WORKING DATA:
*** Begin section ***

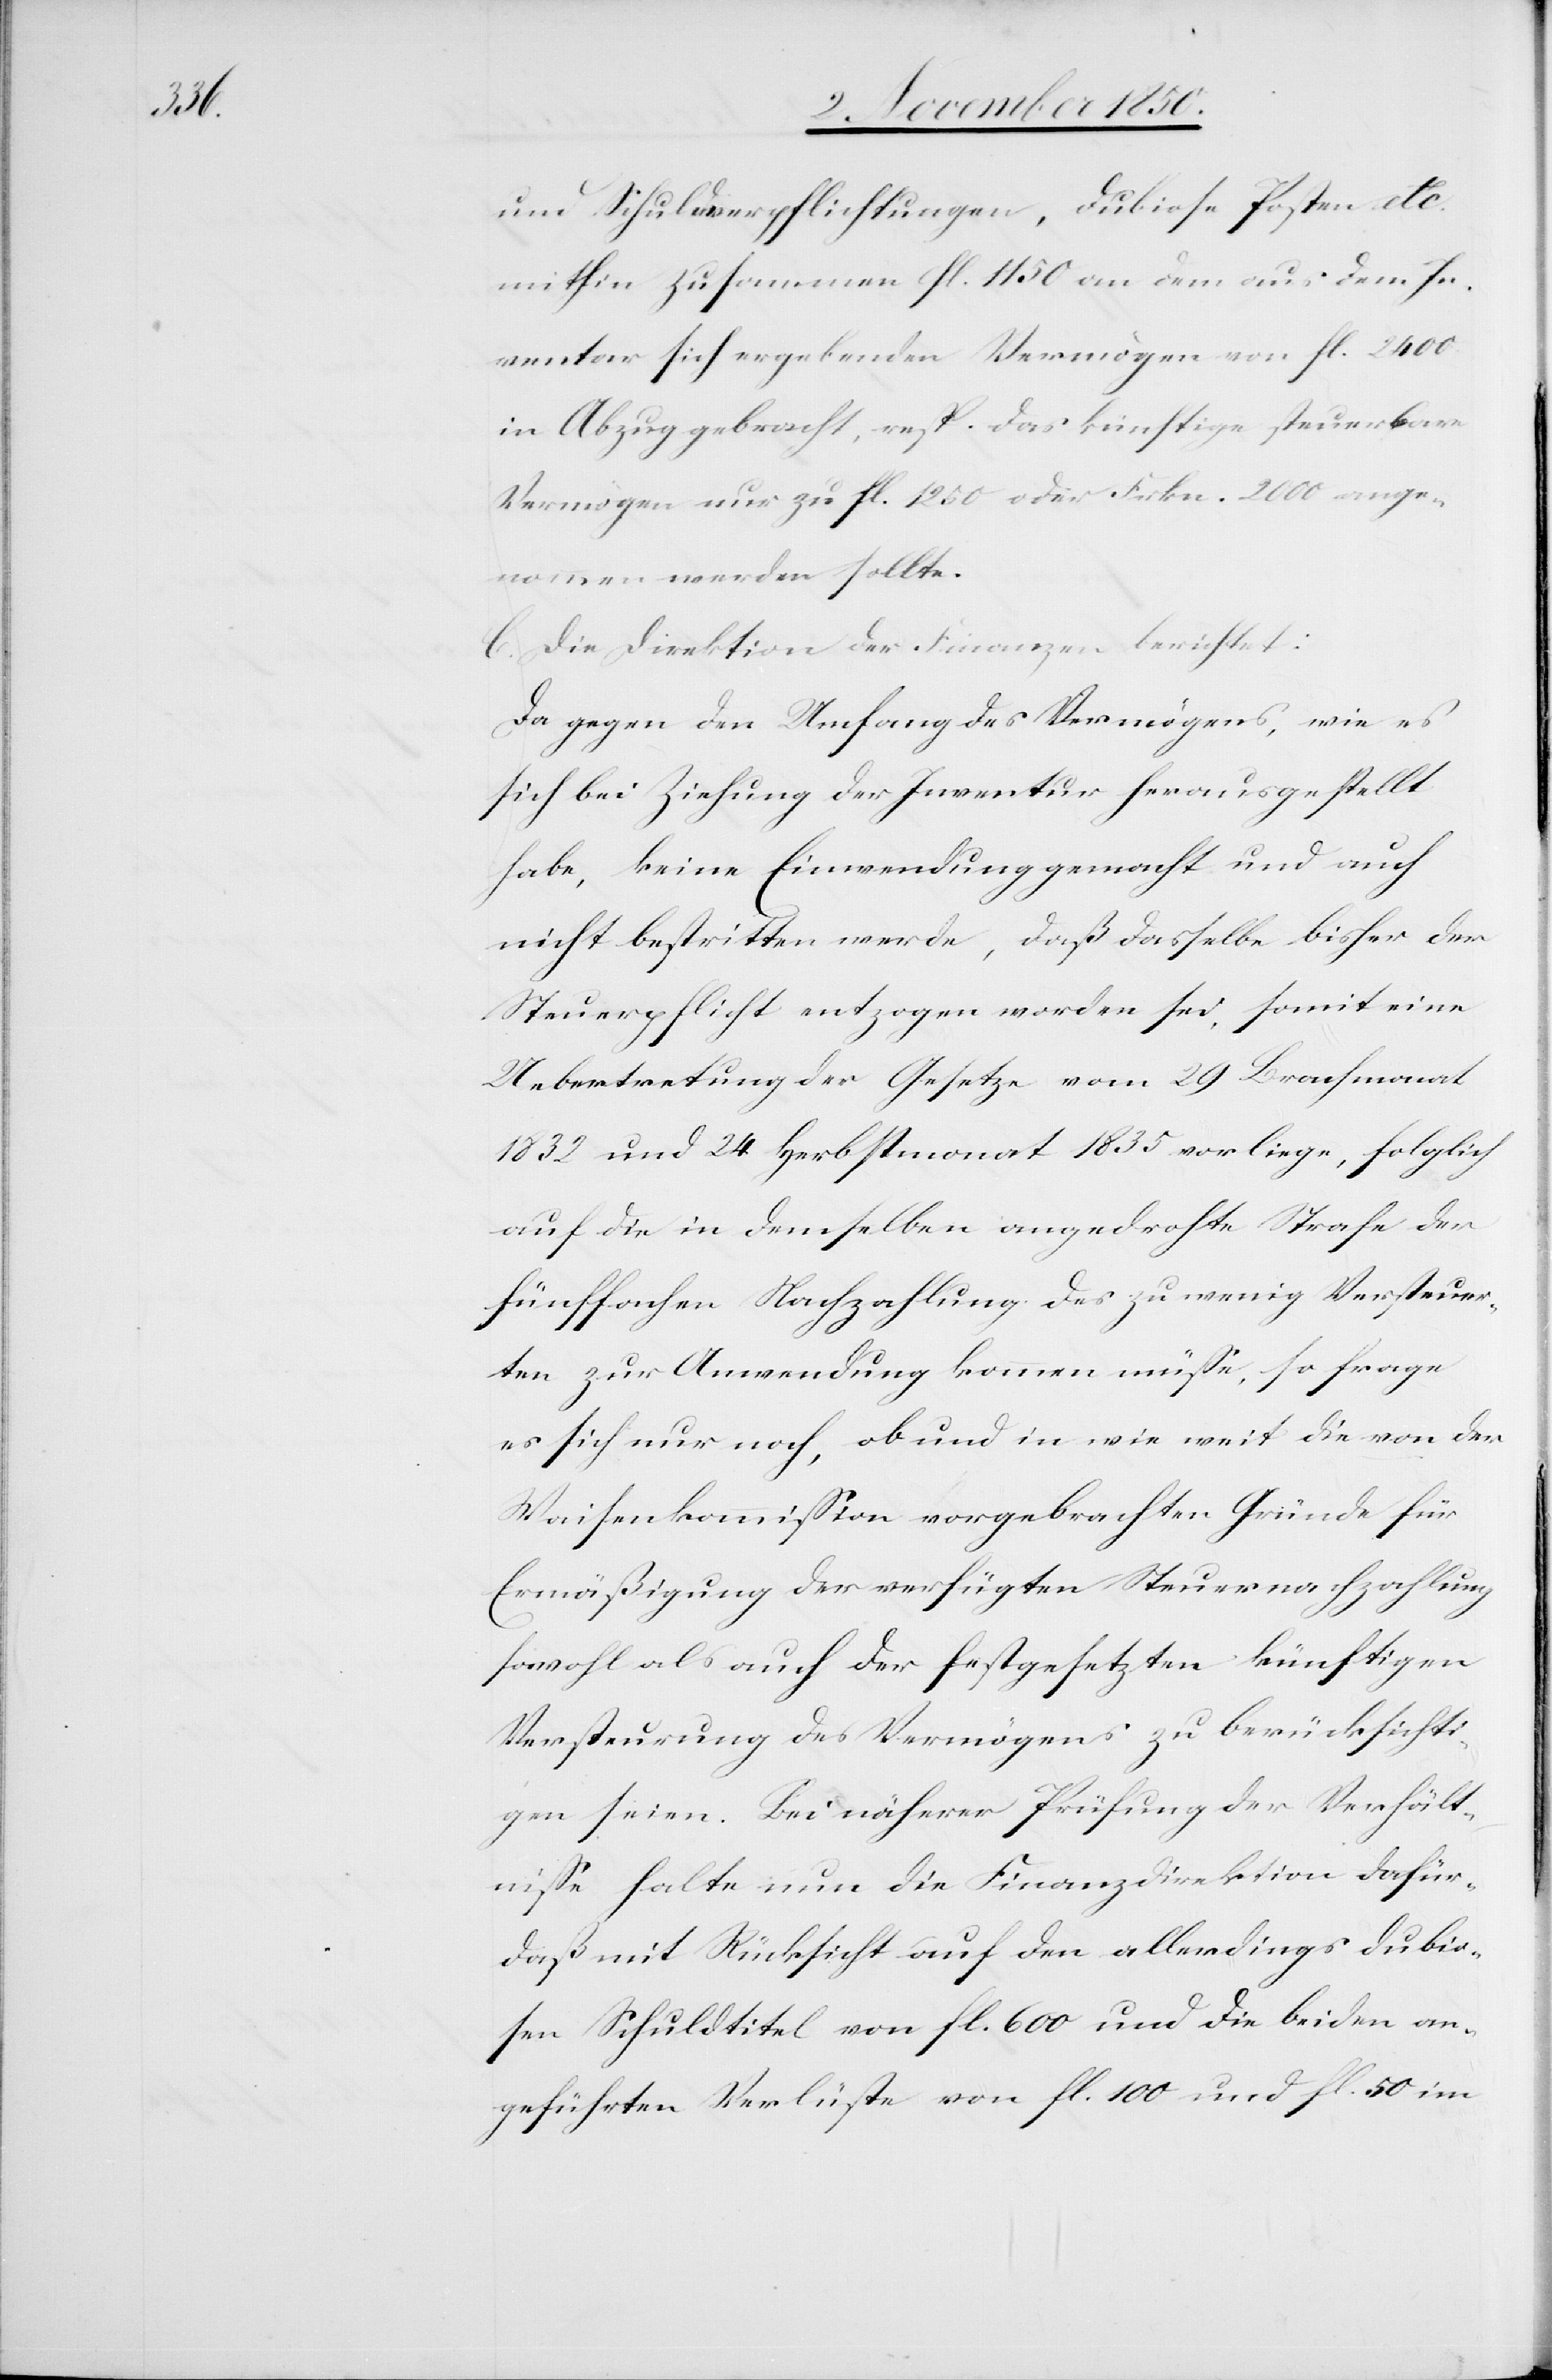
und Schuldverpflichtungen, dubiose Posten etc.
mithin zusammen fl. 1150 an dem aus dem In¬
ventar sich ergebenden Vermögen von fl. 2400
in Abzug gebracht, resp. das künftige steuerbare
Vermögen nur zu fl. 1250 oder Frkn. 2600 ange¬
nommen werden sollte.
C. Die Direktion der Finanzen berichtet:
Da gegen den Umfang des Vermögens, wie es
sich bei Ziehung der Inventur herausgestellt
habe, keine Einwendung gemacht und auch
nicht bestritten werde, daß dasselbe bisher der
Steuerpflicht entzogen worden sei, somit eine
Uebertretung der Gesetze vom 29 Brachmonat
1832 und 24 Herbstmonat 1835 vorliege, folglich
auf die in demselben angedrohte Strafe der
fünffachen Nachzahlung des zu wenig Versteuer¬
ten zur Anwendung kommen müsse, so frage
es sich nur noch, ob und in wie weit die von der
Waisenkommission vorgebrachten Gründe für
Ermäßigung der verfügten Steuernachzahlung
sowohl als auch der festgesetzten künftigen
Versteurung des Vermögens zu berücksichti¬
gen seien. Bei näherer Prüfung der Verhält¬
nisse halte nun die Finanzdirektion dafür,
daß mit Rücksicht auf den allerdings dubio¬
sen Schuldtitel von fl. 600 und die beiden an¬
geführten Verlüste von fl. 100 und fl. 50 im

*** End section ***

TASK REQUIREMENTS: Repeat the records above exactly, from the first line through the line containing "Versteurung des Vermögens zu berücksichti¬", and leave out the pictures.

RESULT BELOW:
und Schuldverpflichtungen, dubiose Posten etc.
mithin zusammen fl. 1150 an dem aus dem In¬
ventar sich ergebenden Vermögen von fl. 2400
in Abzug gebracht, resp. das künftige steuerbare
Vermögen nur zu fl. 1250 oder Frkn. 2600 ange¬
nommen werden sollte.
C. Die Direktion der Finanzen berichtet:
Da gegen den Umfang des Vermögens, wie es
sich bei Ziehung der Inventur herausgestellt
habe, keine Einwendung gemacht und auch
nicht bestritten werde, daß dasselbe bisher der
Steuerpflicht entzogen worden sei, somit eine
Uebertretung der Gesetze vom 29 Brachmonat
1832 und 24 Herbstmonat 1835 vorliege, folglich
auf die in demselben angedrohte Strafe der
fünffachen Nachzahlung des zu wenig Versteuer¬
ten zur Anwendung kommen müsse, so frage
es sich nur noch, ob und in wie weit die von der
Waisenkommission vorgebrachten Gründe für
Ermäßigung der verfügten Steuernachzahlung
sowohl als auch der festgesetzten künftigen
Versteurung des Vermögens zu berücksichti¬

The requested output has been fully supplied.